# What, exactly, is a finished garage?



## AtlanticWBConst. (May 12, 2006)

joeyboy said:


> My new house has an 'unfinished garage'. You can see the inside of the roof, and there's no HVAC in there. What makes it a finished garage? Is it just finishing the ceiling? Or is it having the ceiling done, HVAC, etc?


Hi J.b.,

An unfinished Garage: has only 5/8" sheetrock on the wall dividing the living area structure of the home for fire-rating purposes. No other sheetrock is installed (no ceiling, unless there is a living area above it), no insulation, no HVAC, no casing on any windows in it.....just minor electrical & lighting.

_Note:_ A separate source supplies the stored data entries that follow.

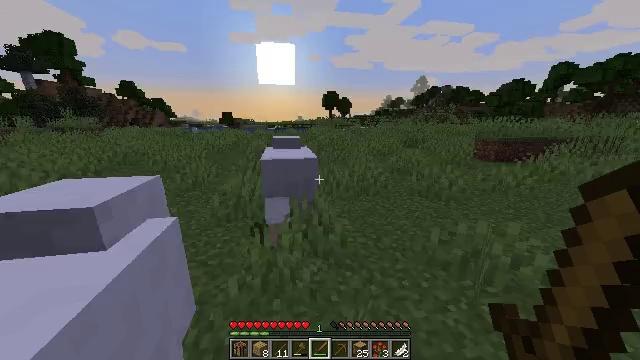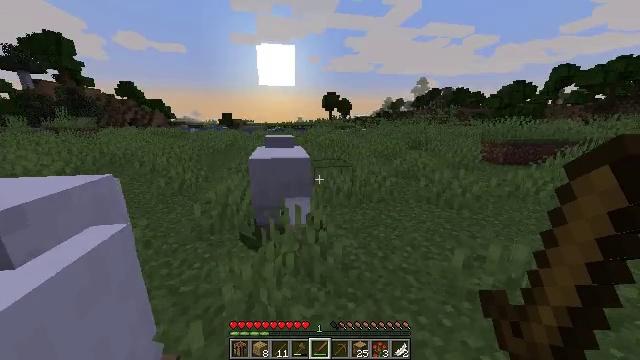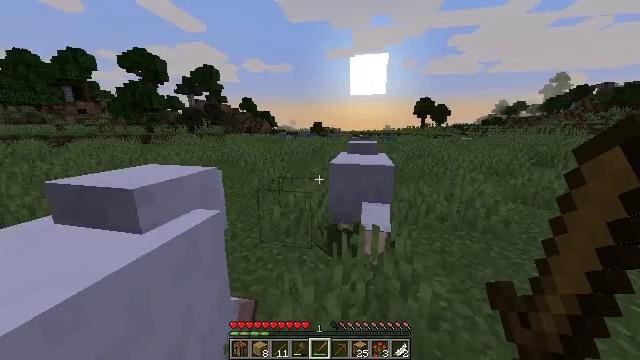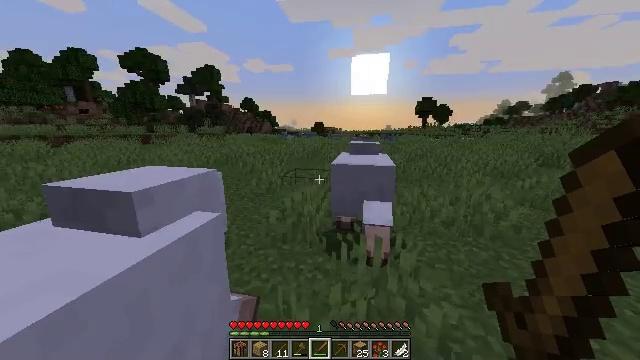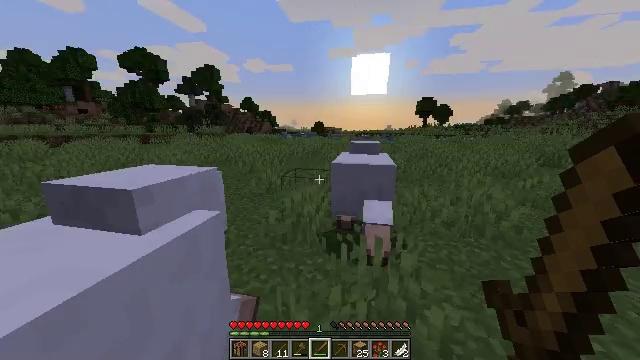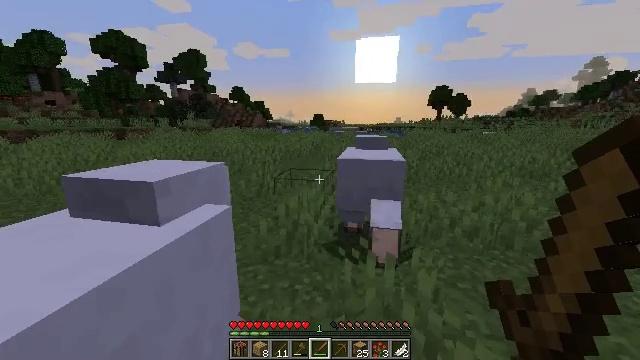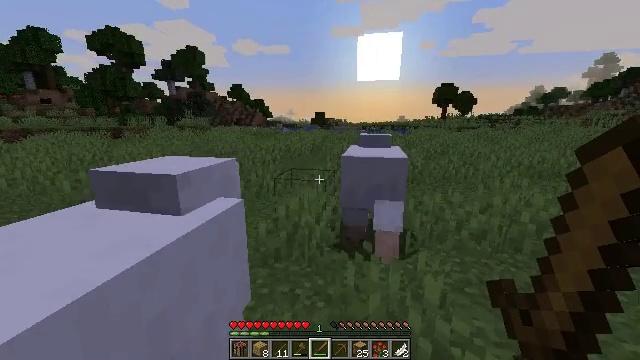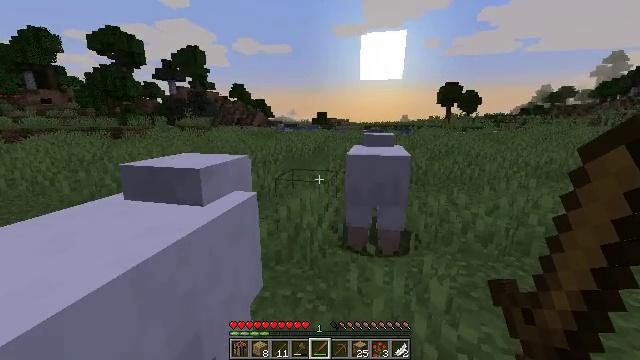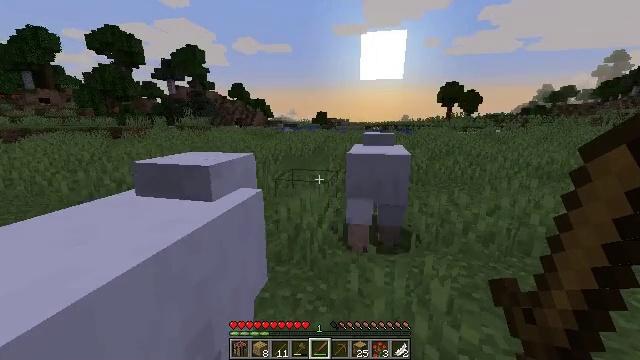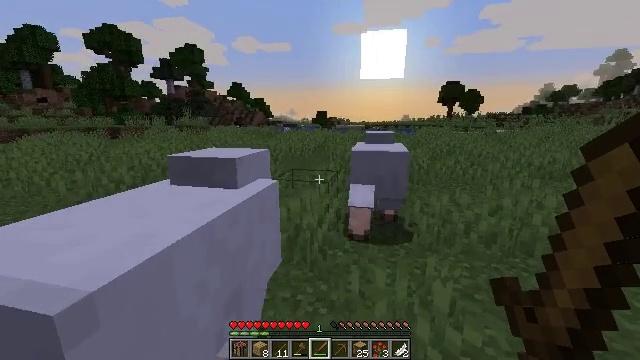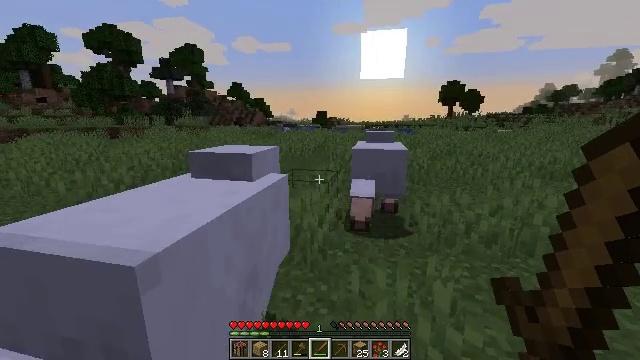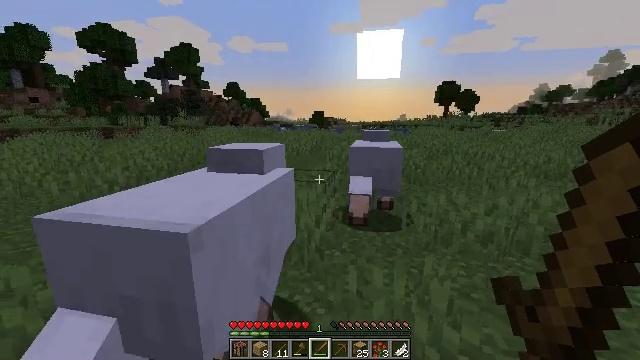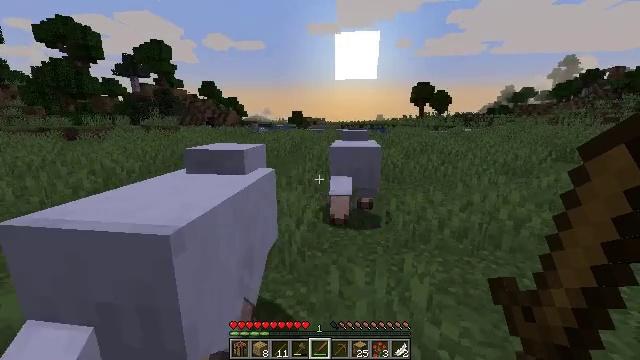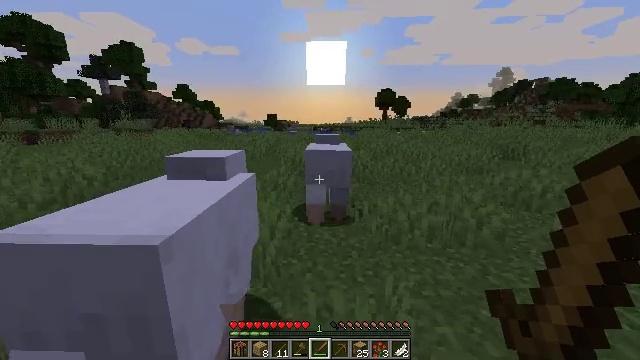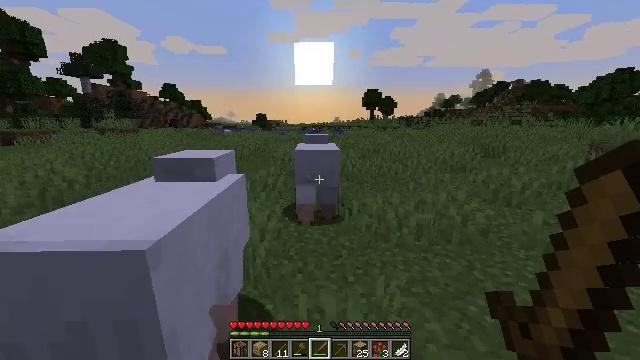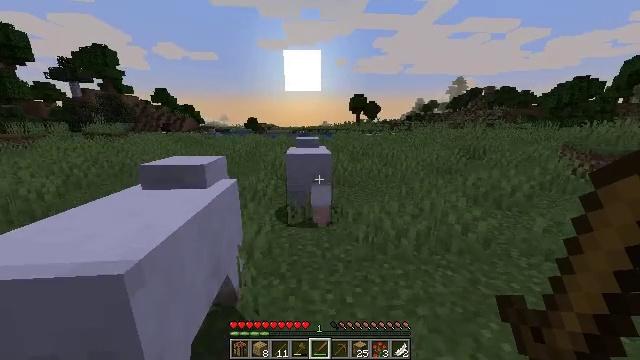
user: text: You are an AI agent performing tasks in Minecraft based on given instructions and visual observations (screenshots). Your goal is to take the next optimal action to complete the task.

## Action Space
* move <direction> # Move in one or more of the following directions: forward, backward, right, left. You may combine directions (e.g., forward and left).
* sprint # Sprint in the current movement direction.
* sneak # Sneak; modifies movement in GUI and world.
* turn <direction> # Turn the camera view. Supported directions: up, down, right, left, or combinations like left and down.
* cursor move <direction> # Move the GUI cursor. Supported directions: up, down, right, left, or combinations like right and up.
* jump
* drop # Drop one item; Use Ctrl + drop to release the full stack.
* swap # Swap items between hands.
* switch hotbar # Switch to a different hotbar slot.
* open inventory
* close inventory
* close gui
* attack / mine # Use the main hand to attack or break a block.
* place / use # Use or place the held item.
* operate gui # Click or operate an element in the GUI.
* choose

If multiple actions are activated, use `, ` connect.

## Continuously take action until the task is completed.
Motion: motion action
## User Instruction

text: Combat the sheep.
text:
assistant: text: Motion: move forward, sprint
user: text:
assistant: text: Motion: move forward, sprint, turn left and up
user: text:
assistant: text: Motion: no_op
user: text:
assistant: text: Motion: no_op
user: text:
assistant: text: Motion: no_op
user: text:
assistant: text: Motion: no_op
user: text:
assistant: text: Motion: no_op
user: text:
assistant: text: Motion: no_op
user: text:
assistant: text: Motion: no_op
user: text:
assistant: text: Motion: no_op
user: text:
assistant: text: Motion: no_op
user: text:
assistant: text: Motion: move forward, sprint, turn right
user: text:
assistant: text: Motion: move forward, sprint, turn right
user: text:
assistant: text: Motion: move forward, sprint, turn right
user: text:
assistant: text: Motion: move forward, sprint, turn right
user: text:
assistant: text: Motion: move forward, sprint
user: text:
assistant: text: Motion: move forward, sprint
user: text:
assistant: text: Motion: move forward, sprint
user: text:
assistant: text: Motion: move forward, sprint
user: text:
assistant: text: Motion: move forward, sprint
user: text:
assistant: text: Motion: move forward, sprint
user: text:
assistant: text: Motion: move forward, sprint
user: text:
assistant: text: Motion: move forward, sprint
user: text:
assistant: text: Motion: move forward, sprint
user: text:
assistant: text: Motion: move forward, sprint
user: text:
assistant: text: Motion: move forward, sprint, turn left
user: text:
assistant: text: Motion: move forward, sprint, turn left
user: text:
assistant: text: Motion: move forward, sprint, turn left
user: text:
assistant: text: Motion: move forward, sprint, turn left
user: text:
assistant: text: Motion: move forward, sprint
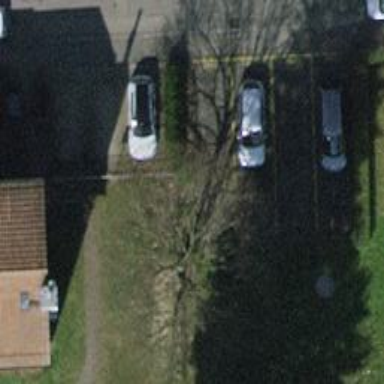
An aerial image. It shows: Parking lane for vehicles.
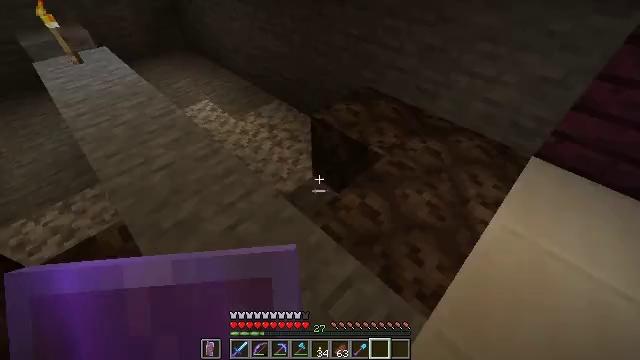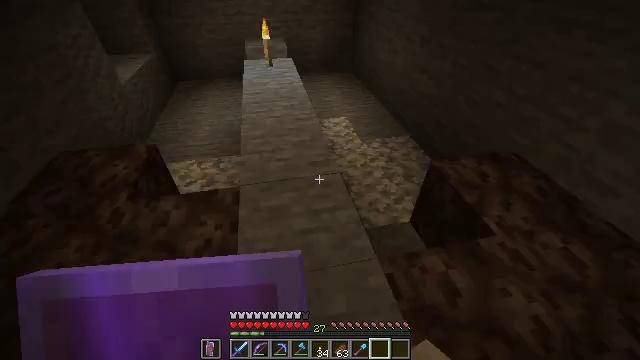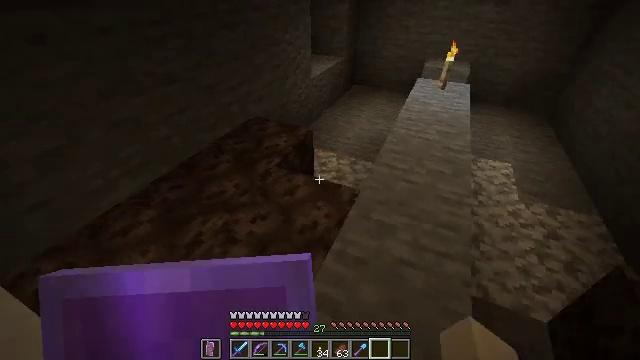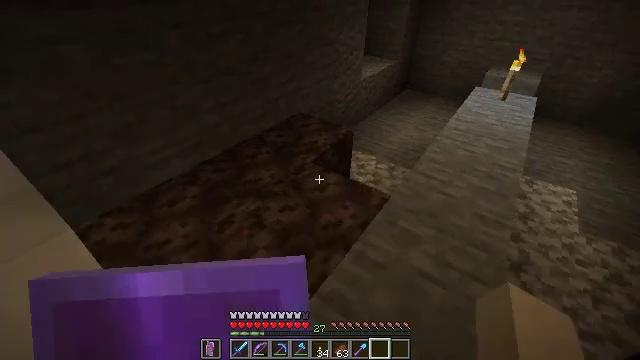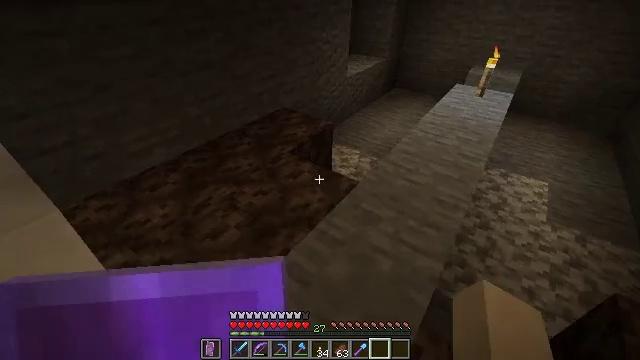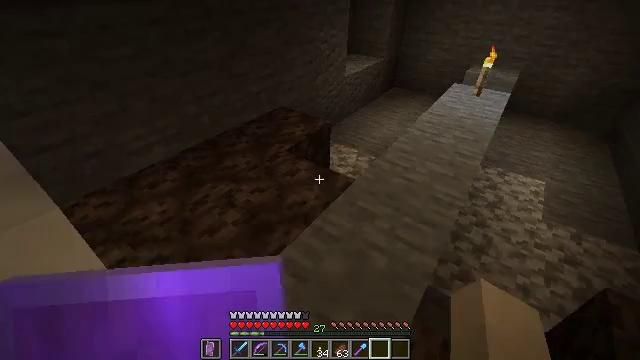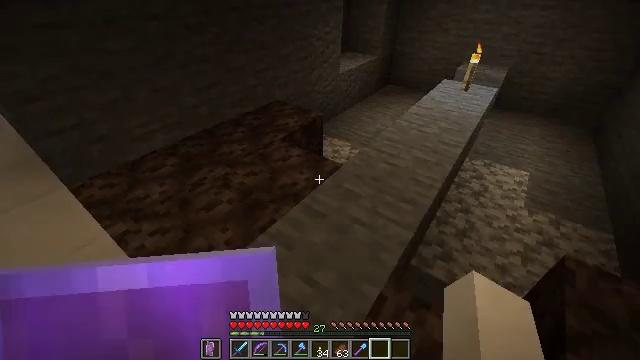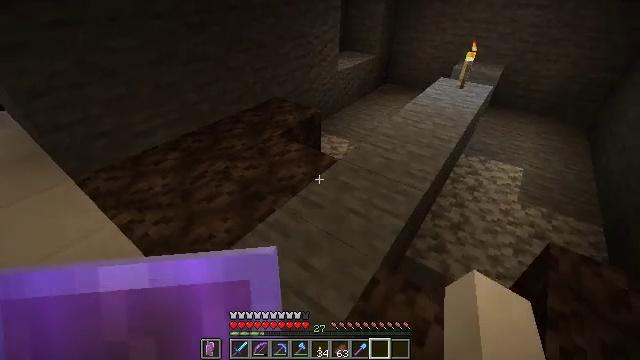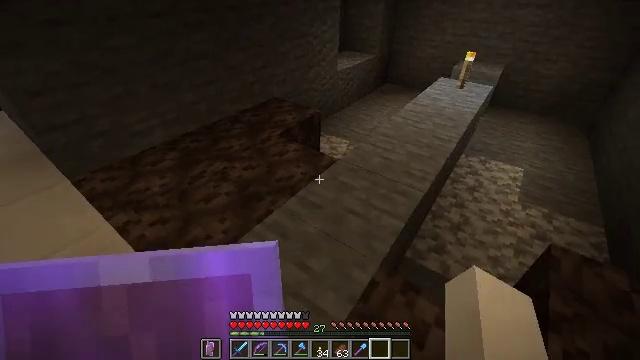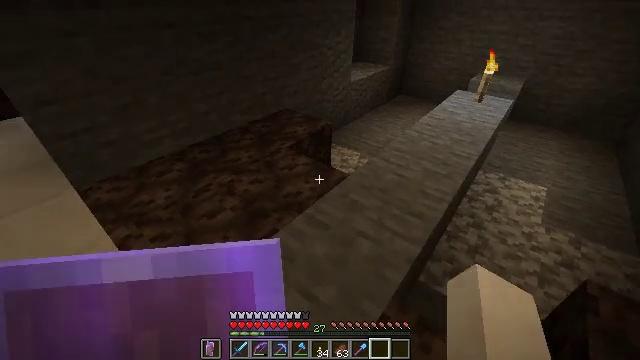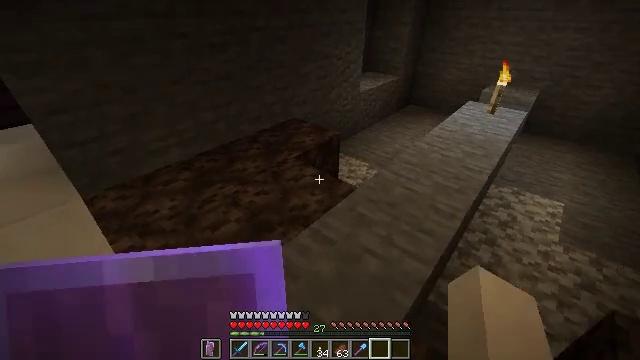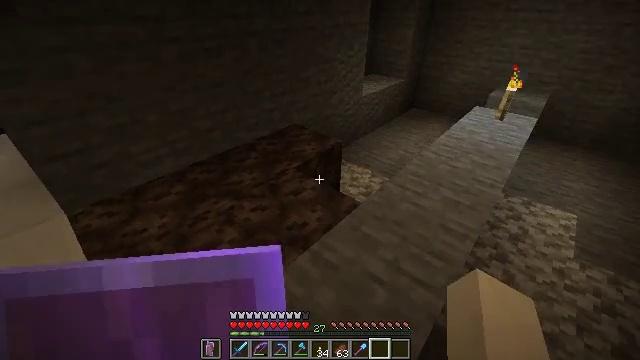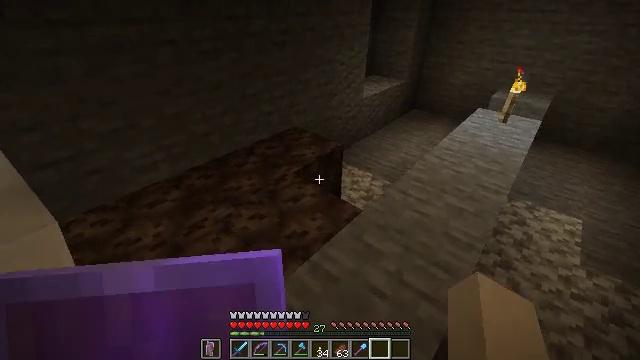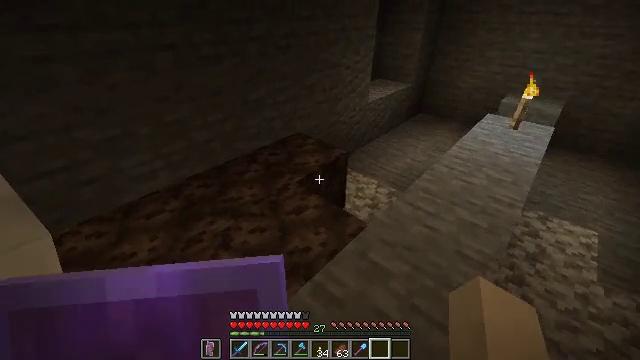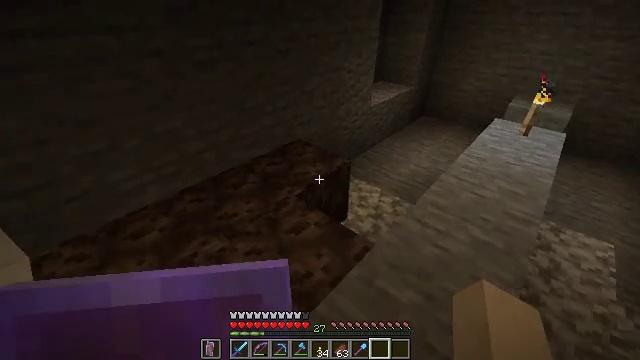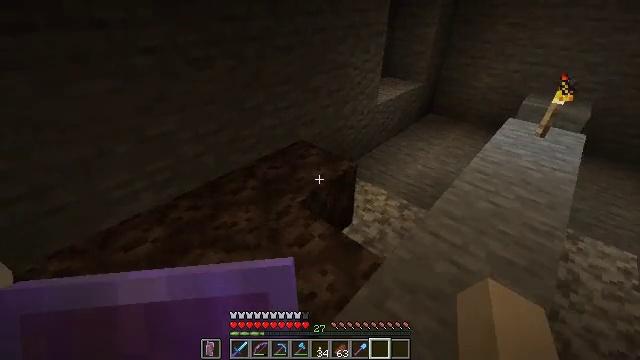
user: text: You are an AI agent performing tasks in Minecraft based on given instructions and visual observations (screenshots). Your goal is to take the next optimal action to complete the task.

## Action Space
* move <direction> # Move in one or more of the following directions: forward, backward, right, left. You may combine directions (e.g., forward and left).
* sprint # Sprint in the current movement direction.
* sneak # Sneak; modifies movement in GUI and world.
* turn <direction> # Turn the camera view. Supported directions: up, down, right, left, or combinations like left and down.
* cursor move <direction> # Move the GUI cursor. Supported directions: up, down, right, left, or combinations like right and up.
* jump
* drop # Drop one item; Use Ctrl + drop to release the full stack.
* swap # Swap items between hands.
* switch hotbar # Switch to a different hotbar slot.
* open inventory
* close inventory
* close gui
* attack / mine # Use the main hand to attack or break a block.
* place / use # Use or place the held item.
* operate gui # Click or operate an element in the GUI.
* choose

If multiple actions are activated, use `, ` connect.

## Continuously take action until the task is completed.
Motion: motion action
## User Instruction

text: Break soul sand to slow down mobs.
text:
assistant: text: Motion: move right, turn left and up
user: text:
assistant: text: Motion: move right, turn left and up
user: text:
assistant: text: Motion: move back and move right, turn left
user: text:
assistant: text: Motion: move back and move right
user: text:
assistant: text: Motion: move back
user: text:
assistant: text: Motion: move back
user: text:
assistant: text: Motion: move forward
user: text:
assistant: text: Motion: move forward
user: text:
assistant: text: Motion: move forward, turn left and up
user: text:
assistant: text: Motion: move forward, turn left and up
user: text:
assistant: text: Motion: move forward
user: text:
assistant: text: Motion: move forward
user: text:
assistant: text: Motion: move forward
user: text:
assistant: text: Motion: move forward
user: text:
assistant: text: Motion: move forward, turn down
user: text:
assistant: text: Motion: move forward, turn down, attack / mine
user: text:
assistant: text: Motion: move forward, attack / mine
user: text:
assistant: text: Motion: move forward, turn down, attack / mine
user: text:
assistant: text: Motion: move forward and move right, turn down, attack / mine
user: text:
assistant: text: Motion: move right, turn left and down, attack / mine
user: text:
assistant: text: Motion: move right, turn left and down, attack / mine
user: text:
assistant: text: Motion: turn left, attack / mine
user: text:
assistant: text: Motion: turn left, attack / mine
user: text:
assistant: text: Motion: attack / mine
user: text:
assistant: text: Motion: attack / mine
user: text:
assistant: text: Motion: attack / mine
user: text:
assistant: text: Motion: turn left, attack / mine
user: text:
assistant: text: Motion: attack / mine
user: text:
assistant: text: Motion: attack / mine
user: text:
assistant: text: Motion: attack / mine
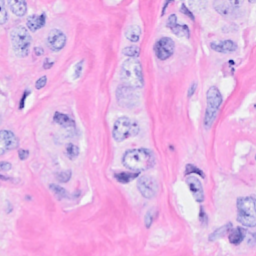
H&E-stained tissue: Breast

A finished garage: Has been completely insulated, and has 5/8" sheetrock thru-out. Taped and finished. The drywall surface is possibly primed or textured, minor electrical installed, lighting, but generally no HVAC.


----------



## larry boh (Oct 1, 2015)

what is a finished garage


----------



## MushCreek (Aug 10, 2012)

Around here, the ceiling has to have 5/8 Fire-X drywall if it shares a common attic with the house.

A finished garage is usually fully drywalled, painted, and basic trim around doors and windows. Insulation is not necessarily included. Here in SC, garages are not generally insulated.


----------